Study material: Begin

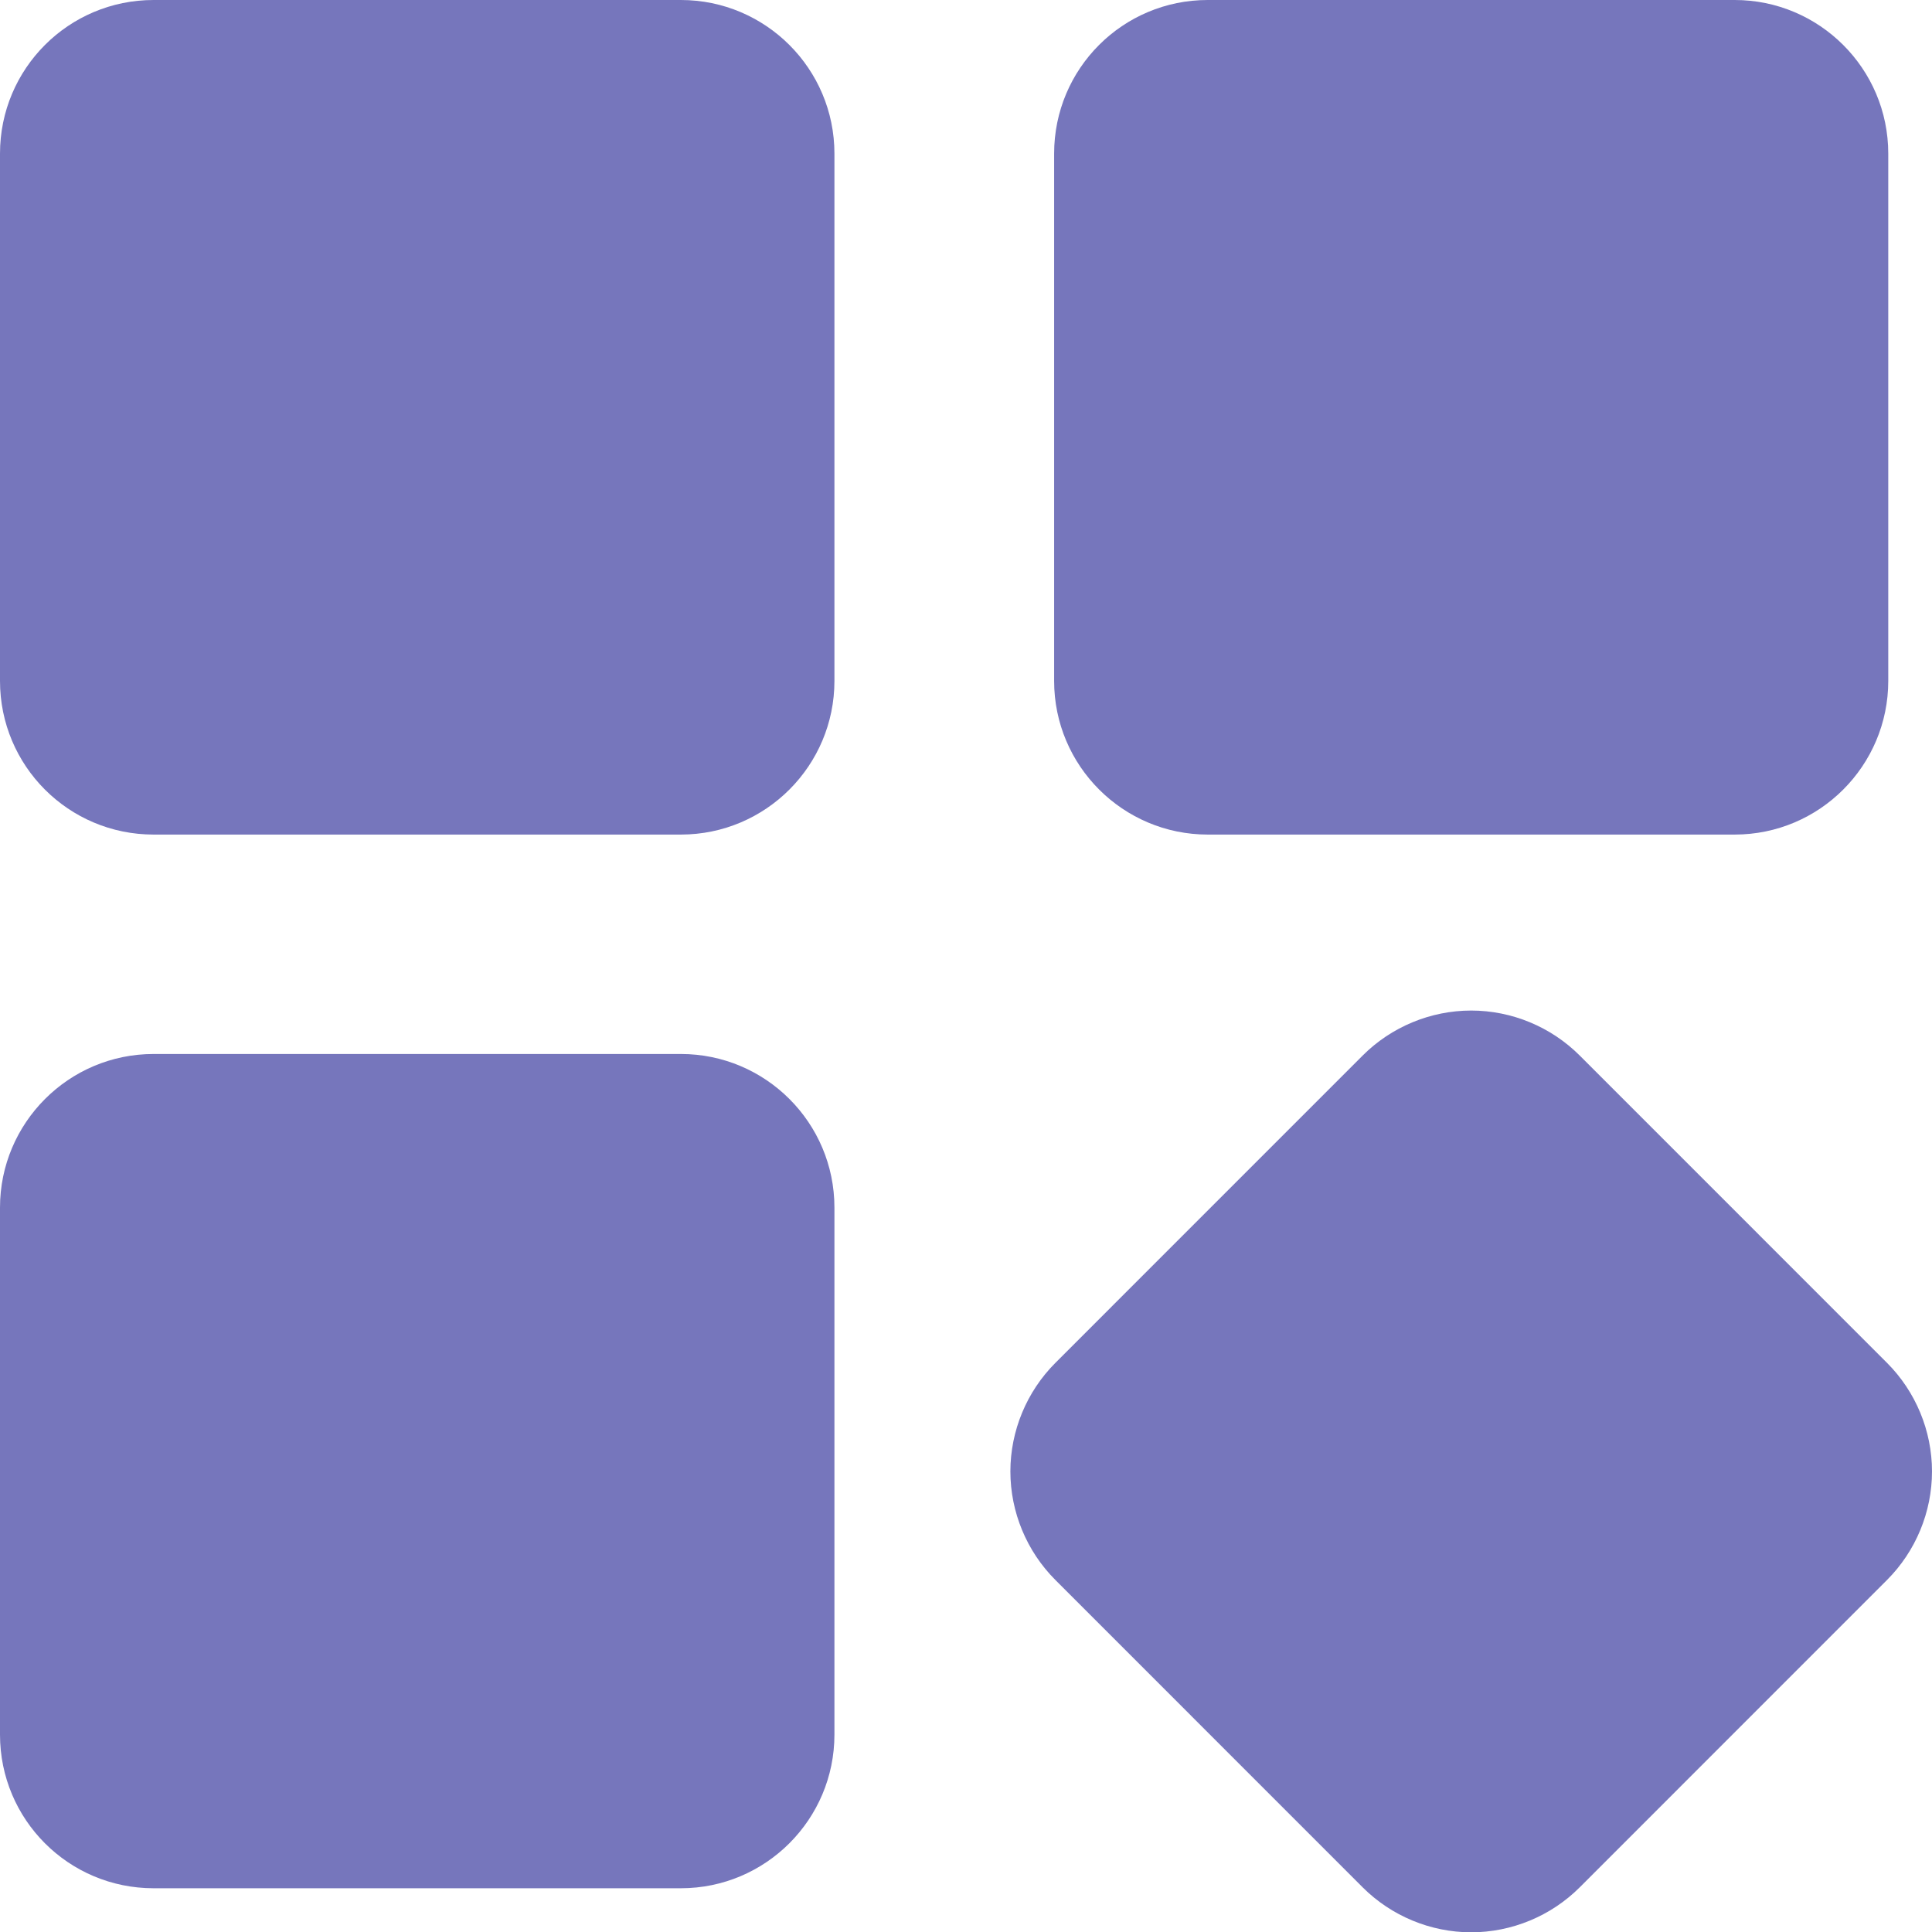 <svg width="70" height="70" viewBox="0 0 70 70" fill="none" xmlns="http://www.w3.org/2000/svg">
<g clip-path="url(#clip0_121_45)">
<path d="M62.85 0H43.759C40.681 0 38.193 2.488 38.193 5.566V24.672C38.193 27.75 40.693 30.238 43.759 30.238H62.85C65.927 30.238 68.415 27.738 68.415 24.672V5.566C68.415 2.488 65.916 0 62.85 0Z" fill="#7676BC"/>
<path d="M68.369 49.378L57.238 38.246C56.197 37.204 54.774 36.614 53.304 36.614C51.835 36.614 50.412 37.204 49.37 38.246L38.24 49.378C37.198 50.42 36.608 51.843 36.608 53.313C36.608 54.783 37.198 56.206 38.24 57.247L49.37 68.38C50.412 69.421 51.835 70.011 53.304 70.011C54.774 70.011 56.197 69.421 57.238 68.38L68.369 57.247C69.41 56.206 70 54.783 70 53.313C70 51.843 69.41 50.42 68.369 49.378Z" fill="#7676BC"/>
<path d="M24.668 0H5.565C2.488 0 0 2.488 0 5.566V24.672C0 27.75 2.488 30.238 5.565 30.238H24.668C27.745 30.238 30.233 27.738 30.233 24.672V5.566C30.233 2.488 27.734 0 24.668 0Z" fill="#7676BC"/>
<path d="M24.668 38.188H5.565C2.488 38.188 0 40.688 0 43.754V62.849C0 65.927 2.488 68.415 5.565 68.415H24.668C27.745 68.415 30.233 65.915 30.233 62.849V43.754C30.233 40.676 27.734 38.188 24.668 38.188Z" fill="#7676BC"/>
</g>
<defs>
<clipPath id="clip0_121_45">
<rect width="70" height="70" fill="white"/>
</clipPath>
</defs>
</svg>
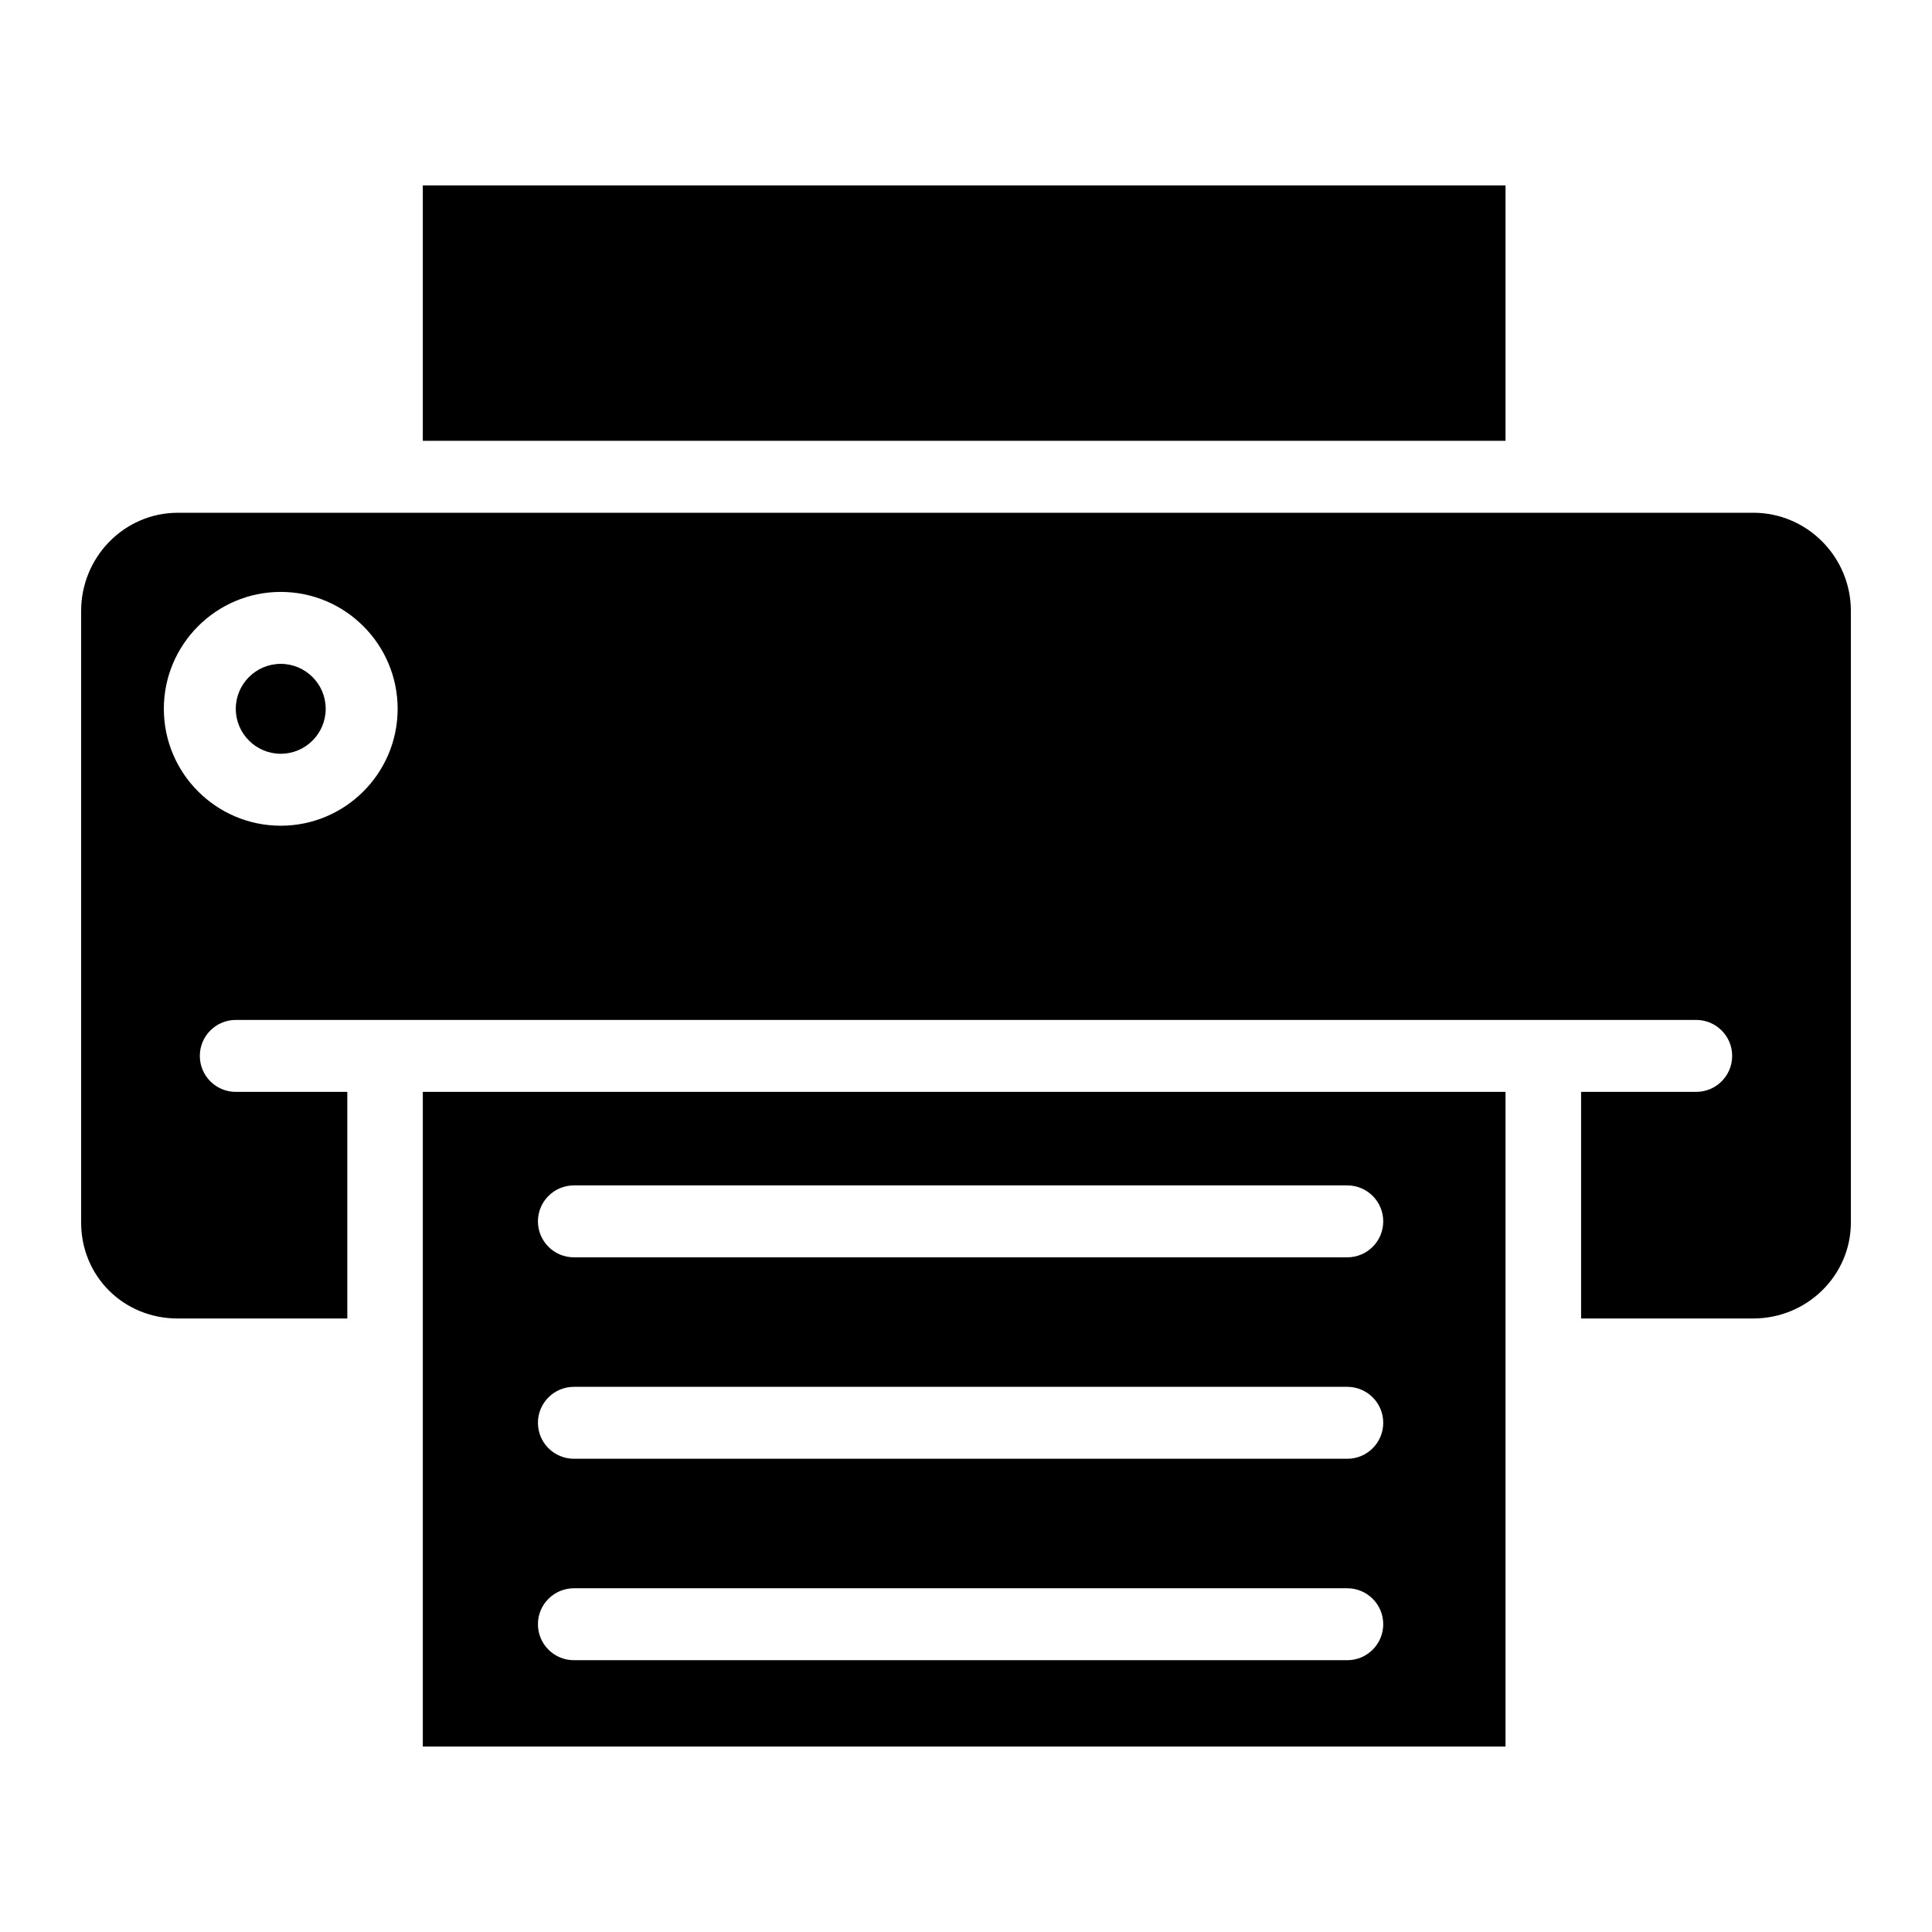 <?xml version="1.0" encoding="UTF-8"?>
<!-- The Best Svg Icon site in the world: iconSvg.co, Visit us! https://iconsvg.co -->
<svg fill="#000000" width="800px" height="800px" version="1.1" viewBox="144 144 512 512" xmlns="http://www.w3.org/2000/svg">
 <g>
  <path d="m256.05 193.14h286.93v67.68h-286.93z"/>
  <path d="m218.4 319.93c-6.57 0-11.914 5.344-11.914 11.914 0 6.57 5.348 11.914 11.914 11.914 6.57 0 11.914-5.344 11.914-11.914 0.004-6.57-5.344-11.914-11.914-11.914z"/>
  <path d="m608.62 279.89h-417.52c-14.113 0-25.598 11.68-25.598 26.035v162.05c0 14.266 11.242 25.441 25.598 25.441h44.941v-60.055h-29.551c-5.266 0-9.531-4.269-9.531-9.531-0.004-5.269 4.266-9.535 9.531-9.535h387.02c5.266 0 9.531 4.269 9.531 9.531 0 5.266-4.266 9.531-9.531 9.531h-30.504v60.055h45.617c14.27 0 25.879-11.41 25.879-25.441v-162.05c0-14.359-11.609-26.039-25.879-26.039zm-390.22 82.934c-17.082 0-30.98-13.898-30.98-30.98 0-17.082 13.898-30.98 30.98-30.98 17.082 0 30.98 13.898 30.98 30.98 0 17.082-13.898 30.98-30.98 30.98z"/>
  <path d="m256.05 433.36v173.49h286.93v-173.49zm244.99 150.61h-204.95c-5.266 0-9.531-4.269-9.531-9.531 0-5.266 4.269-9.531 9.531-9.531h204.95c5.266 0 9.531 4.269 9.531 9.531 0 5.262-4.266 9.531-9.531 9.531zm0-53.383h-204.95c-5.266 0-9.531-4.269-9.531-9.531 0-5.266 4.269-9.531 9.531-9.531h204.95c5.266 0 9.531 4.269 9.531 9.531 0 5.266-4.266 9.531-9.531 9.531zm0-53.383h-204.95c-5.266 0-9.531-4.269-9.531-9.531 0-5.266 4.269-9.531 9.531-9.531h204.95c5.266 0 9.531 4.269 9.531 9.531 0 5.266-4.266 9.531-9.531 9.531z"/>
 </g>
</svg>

Study material: End

* _Problem to solve_: Look above for the line with "49.378L57.238 38.246C56.197 37.204" and the line with "279.89h-417.52c-14.113 0-25.598 11.68-25.598". Give again exactly those two lines and all lines between them, pictures excluded.

* _Answer box_:
<path d="M68.369 49.378L57.238 38.246C56.197 37.204 54.774 36.614 53.304 36.614C51.835 36.614 50.412 37.204 49.37 38.246L38.24 49.378C37.198 50.42 36.608 51.843 36.608 53.313C36.608 54.783 37.198 56.206 38.24 57.247L49.37 68.38C50.412 69.421 51.835 70.011 53.304 70.011C54.774 70.011 56.197 69.421 57.238 68.38L68.369 57.247C69.41 56.206 70 54.783 70 53.313C70 51.843 69.41 50.42 68.369 49.378Z" fill="#7676BC"/>
<path d="M24.668 0H5.565C2.488 0 0 2.488 0 5.566V24.672C0 27.75 2.488 30.238 5.565 30.238H24.668C27.745 30.238 30.233 27.738 30.233 24.672V5.566C30.233 2.488 27.734 0 24.668 0Z" fill="#7676BC"/>
<path d="M24.668 38.188H5.565C2.488 38.188 0 40.688 0 43.754V62.849C0 65.927 2.488 68.415 5.565 68.415H24.668C27.745 68.415 30.233 65.915 30.233 62.849V43.754C30.233 40.676 27.734 38.188 24.668 38.188Z" fill="#7676BC"/>
</g>
<defs>
<clipPath id="clip0_121_45">
<rect width="70" height="70" fill="white"/>
</clipPath>
</defs>
</svg>
 <?xml version="1.0" encoding="UTF-8"?>
<!-- The Best Svg Icon site in the world: iconSvg.co, Visit us! https://iconsvg.co -->
<svg fill="#000000" width="800px" height="800px" version="1.1" viewBox="144 144 512 512" xmlns="http://www.w3.org/2000/svg">
 <g>
  <path d="m256.05 193.14h286.93v67.68h-286.93z"/>
  <path d="m218.4 319.93c-6.57 0-11.914 5.344-11.914 11.914 0 6.57 5.348 11.914 11.914 11.914 6.57 0 11.914-5.344 11.914-11.914 0.004-6.57-5.344-11.914-11.914-11.914z"/>
  <path d="m608.62 279.89h-417.52c-14.113 0-25.598 11.68-25.598 26.035v162.05c0 14.266 11.242 25.441 25.598 25.441h44.941v-60.055h-29.551c-5.266 0-9.531-4.269-9.531-9.531-0.004-5.269 4.266-9.535 9.531-9.535h387.02c5.266 0 9.531 4.269 9.531 9.531 0 5.266-4.266 9.531-9.531 9.531h-30.504v60.055h45.617c14.27 0 25.879-11.41 25.879-25.441v-162.05c0-14.359-11.609-26.039-25.879-26.039zm-390.22 82.934c-17.082 0-30.98-13.898-30.98-30.98 0-17.082 13.898-30.98 30.98-30.98 17.082 0 30.98 13.898 30.98 30.98 0 17.082-13.898 30.98-30.98 30.98z"/>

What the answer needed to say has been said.